(Records from a data collection)
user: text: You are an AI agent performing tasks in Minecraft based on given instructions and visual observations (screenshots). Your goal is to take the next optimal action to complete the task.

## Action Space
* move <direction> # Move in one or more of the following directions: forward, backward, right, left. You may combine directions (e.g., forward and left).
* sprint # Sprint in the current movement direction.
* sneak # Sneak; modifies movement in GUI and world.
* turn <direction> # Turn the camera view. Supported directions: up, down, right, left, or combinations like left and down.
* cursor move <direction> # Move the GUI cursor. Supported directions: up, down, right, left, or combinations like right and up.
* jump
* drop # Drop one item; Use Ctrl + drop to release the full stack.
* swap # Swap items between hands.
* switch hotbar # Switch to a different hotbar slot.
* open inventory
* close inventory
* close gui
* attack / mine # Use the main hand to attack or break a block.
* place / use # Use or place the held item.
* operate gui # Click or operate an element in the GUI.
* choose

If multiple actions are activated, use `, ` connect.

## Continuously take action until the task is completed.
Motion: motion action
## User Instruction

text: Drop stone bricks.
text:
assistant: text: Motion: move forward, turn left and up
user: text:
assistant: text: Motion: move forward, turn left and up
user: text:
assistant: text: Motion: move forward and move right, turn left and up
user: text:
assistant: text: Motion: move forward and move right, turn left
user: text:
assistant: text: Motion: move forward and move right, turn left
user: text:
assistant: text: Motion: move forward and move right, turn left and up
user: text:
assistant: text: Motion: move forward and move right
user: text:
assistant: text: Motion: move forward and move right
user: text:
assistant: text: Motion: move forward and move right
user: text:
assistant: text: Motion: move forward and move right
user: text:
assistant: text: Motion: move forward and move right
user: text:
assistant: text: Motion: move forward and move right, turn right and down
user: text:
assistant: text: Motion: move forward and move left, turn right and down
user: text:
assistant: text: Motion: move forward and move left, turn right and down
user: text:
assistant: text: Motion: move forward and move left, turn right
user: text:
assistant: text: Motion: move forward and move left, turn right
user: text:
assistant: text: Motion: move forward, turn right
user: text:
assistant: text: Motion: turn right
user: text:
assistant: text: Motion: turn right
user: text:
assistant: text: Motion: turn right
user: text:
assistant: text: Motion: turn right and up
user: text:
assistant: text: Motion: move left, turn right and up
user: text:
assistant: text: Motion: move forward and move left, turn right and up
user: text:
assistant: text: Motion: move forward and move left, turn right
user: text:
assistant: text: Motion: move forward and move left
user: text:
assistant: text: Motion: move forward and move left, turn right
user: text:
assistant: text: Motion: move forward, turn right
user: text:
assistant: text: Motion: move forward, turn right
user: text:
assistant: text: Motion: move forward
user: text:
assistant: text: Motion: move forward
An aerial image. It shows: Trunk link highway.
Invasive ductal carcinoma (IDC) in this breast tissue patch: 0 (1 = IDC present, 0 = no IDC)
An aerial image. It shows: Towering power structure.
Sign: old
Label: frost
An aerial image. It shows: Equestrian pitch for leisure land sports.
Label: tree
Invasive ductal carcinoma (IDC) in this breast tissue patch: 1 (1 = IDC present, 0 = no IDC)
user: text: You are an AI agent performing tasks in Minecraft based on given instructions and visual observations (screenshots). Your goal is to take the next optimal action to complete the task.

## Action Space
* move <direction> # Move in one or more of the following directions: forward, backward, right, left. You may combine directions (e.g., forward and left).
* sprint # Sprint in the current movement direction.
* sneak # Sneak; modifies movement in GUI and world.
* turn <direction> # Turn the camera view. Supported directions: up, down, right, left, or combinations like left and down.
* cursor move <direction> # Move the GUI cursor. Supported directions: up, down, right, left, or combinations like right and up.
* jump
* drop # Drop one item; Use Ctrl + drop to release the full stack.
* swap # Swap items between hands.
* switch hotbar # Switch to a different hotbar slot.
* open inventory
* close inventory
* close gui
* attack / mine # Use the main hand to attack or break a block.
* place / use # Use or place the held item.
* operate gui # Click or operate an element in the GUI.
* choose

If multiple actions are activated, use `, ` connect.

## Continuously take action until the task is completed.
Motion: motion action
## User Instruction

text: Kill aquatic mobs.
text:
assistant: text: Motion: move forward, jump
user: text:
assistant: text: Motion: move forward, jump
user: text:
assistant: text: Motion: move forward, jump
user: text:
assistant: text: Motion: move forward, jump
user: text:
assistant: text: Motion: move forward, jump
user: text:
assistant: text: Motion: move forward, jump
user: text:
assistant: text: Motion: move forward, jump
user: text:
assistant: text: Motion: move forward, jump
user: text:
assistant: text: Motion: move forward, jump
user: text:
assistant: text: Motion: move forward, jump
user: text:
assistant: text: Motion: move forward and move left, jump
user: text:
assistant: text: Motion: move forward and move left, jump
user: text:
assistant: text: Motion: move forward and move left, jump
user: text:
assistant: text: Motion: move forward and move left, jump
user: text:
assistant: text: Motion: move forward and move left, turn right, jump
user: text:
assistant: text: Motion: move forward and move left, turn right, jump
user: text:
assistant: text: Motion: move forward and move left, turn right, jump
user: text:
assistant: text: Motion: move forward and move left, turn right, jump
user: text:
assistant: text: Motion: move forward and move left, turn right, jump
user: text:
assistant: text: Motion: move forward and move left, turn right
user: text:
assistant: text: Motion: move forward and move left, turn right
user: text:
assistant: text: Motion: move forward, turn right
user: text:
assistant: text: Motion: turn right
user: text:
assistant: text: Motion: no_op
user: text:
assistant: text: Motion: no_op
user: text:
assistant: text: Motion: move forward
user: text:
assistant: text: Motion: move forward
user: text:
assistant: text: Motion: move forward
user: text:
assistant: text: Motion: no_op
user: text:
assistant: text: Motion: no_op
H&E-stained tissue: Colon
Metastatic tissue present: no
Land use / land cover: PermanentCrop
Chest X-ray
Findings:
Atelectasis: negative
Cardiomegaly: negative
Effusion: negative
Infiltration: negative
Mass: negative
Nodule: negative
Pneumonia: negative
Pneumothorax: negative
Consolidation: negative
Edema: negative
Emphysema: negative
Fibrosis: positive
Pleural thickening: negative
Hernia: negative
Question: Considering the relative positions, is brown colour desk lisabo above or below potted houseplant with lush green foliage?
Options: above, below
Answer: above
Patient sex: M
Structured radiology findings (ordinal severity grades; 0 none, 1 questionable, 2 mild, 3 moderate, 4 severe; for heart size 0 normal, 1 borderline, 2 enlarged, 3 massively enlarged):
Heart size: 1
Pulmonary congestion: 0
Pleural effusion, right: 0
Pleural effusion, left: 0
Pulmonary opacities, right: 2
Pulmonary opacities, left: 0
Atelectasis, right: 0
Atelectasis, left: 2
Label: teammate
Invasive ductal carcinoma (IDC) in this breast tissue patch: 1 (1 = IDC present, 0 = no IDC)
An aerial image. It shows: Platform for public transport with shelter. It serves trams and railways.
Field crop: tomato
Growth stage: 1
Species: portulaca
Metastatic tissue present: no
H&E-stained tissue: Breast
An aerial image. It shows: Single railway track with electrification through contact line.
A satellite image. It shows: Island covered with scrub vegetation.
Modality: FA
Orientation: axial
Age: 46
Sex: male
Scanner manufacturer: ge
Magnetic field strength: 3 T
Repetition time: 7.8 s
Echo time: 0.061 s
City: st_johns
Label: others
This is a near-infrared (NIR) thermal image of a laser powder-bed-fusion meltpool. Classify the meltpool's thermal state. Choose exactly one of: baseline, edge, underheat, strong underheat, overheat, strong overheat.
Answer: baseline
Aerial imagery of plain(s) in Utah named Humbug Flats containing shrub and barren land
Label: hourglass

* **Task item**:
An exact repetition of all the records above is required.

* **Your response**:
user: text: You are an AI agent performing tasks in Minecraft based on given instructions and visual observations (screenshots). Your goal is to take the next optimal action to complete the task.

## Action Space
* move <direction> # Move in one or more of the following directions: forward, backward, right, left. You may combine directions (e.g., forward and left).
* sprint # Sprint in the current movement direction.
* sneak # Sneak; modifies movement in GUI and world.
* turn <direction> # Turn the camera view. Supported directions: up, down, right, left, or combinations like left and down.
* cursor move <direction> # Move the GUI cursor. Supported directions: up, down, right, left, or combinations like right and up.
* jump
* drop # Drop one item; Use Ctrl + drop to release the full stack.
* swap # Swap items between hands.
* switch hotbar # Switch to a different hotbar slot.
* open inventory
* close inventory
* close gui
* attack / mine # Use the main hand to attack or break a block.
* place / use # Use or place the held item.
* operate gui # Click or operate an element in the GUI.
* choose

If multiple actions are activated, use `, ` connect.

## Continuously take action until the task is completed.
Motion: motion action
## User Instruction

text: Drop stone bricks.
text:
assistant: text: Motion: move forward, turn left and up
user: text:
assistant: text: Motion: move forward, turn left and up
user: text:
assistant: text: Motion: move forward and move right, turn left and up
user: text:
assistant: text: Motion: move forward and move right, turn left
user: text:
assistant: text: Motion: move forward and move right, turn left
user: text:
assistant: text: Motion: move forward and move right, turn left and up
user: text:
assistant: text: Motion: move forward and move right
user: text:
assistant: text: Motion: move forward and move right
user: text:
assistant: text: Motion: move forward and move right
user: text:
assistant: text: Motion: move forward and move right
user: text:
assistant: text: Motion: move forward and move right
user: text:
assistant: text: Motion: move forward and move right, turn right and down
user: text:
assistant: text: Motion: move forward and move left, turn right and down
user: text:
assistant: text: Motion: move forward and move left, turn right and down
user: text:
assistant: text: Motion: move forward and move left, turn right
user: text:
assistant: text: Motion: move forward and move left, turn right
user: text:
assistant: text: Motion: move forward, turn right
user: text:
assistant: text: Motion: turn right
user: text:
assistant: text: Motion: turn right
user: text:
assistant: text: Motion: turn right
user: text:
assistant: text: Motion: turn right and up
user: text:
assistant: text: Motion: move left, turn right and up
user: text:
assistant: text: Motion: move forward and move left, turn right and up
user: text:
assistant: text: Motion: move forward and move left, turn right
user: text:
assistant: text: Motion: move forward and move left
user: text:
assistant: text: Motion: move forward and move left, turn right
user: text:
assistant: text: Motion: move forward, turn right
user: text:
assistant: text: Motion: move forward, turn right
user: text:
assistant: text: Motion: move forward
user: text:
assistant: text: Motion: move forward
An aerial image. It shows: Trunk link highway.
Invasive ductal carcinoma (IDC) in this breast tissue patch: 0 (1 = IDC present, 0 = no IDC)
An aerial image. It shows: Towering power structure.
Sign: old
Label: frost
An aerial image. It shows: Equestrian pitch for leisure land sports.
Label: tree
Invasive ductal carcinoma (IDC) in this breast tissue patch: 1 (1 = IDC present, 0 = no IDC)
user: text: You are an AI agent performing tasks in Minecraft based on given instructions and visual observations (screenshots). Your goal is to take the next optimal action to complete the task.

## Action Space
* move <direction> # Move in one or more of the following directions: forward, backward, right, left. You may combine directions (e.g., forward and left).
* sprint # Sprint in the current movement direction.
* sneak # Sneak; modifies movement in GUI and world.
* turn <direction> # Turn the camera view. Supported directions: up, down, right, left, or combinations like left and down.
* cursor move <direction> # Move the GUI cursor. Supported directions: up, down, right, left, or combinations like right and up.
* jump
* drop # Drop one item; Use Ctrl + drop to release the full stack.
* swap # Swap items between hands.
* switch hotbar # Switch to a different hotbar slot.
* open inventory
* close inventory
* close gui
* attack / mine # Use the main hand to attack or break a block.
* place / use # Use or place the held item.
* operate gui # Click or operate an element in the GUI.
* choose

If multiple actions are activated, use `, ` connect.

## Continuously take action until the task is completed.
Motion: motion action
## User Instruction

text: Kill aquatic mobs.
text:
assistant: text: Motion: move forward, jump
user: text:
assistant: text: Motion: move forward, jump
user: text:
assistant: text: Motion: move forward, jump
user: text:
assistant: text: Motion: move forward, jump
user: text:
assistant: text: Motion: move forward, jump
user: text:
assistant: text: Motion: move forward, jump
user: text:
assistant: text: Motion: move forward, jump
user: text:
assistant: text: Motion: move forward, jump
user: text:
assistant: text: Motion: move forward, jump
user: text:
assistant: text: Motion: move forward, jump
user: text:
assistant: text: Motion: move forward and move left, jump
user: text:
assistant: text: Motion: move forward and move left, jump
user: text:
assistant: text: Motion: move forward and move left, jump
user: text:
assistant: text: Motion: move forward and move left, jump
user: text:
assistant: text: Motion: move forward and move left, turn right, jump
user: text:
assistant: text: Motion: move forward and move left, turn right, jump
user: text:
assistant: text: Motion: move forward and move left, turn right, jump
user: text:
assistant: text: Motion: move forward and move left, turn right, jump
user: text:
assistant: text: Motion: move forward and move left, turn right, jump
user: text:
assistant: text: Motion: move forward and move left, turn right
user: text:
assistant: text: Motion: move forward and move left, turn right
user: text:
assistant: text: Motion: move forward, turn right
user: text:
assistant: text: Motion: turn right
user: text:
assistant: text: Motion: no_op
user: text:
assistant: text: Motion: no_op
user: text:
assistant: text: Motion: move forward
user: text:
assistant: text: Motion: move forward
user: text:
assistant: text: Motion: move forward
user: text:
assistant: text: Motion: no_op
user: text:
assistant: text: Motion: no_op
H&E-stained tissue: Colon
Metastatic tissue present: no
Land use / land cover: PermanentCrop
Chest X-ray
Findings:
Atelectasis: negative
Cardiomegaly: negative
Effusion: negative
Infiltration: negative
Mass: negative
Nodule: negative
Pneumonia: negative
Pneumothorax: negative
Consolidation: negative
Edema: negative
Emphysema: negative
Fibrosis: positive
Pleural thickening: negative
Hernia: negative
Question: Considering the relative positions, is brown colour desk lisabo above or below potted houseplant with lush green foliage?
Options: above, below
Answer: above
Patient sex: M
Structured radiology findings (ordinal severity grades; 0 none, 1 questionable, 2 mild, 3 moderate, 4 severe; for heart size 0 normal, 1 borderline, 2 enlarged, 3 massively enlarged):
Heart size: 1
Pulmonary congestion: 0
Pleural effusion, right: 0
Pleural effusion, left: 0
Pulmonary opacities, right: 2
Pulmonary opacities, left: 0
Atelectasis, right: 0
Atelectasis, left: 2
Label: teammate
Invasive ductal carcinoma (IDC) in this breast tissue patch: 1 (1 = IDC present, 0 = no IDC)
An aerial image. It shows: Platform for public transport with shelter. It serves trams and railways.
Field crop: tomato
Growth stage: 1
Species: portulaca
Metastatic tissue present: no
H&E-stained tissue: Breast
An aerial image. It shows: Single railway track with electrification through contact line.
A satellite image. It shows: Island covered with scrub vegetation.
Modality: FA
Orientation: axial
Age: 46
Sex: male
Scanner manufacturer: ge
Magnetic field strength: 3 T
Repetition time: 7.8 s
Echo time: 0.061 s
City: st_johns
Label: others
This is a near-infrared (NIR) thermal image of a laser powder-bed-fusion meltpool. Classify the meltpool's thermal state. Choose exactly one of: baseline, edge, underheat, strong underheat, overheat, strong overheat.
Answer: baseline
Aerial imagery of plain(s) in Utah named Humbug Flats containing shrub and barren land
Label: hourglass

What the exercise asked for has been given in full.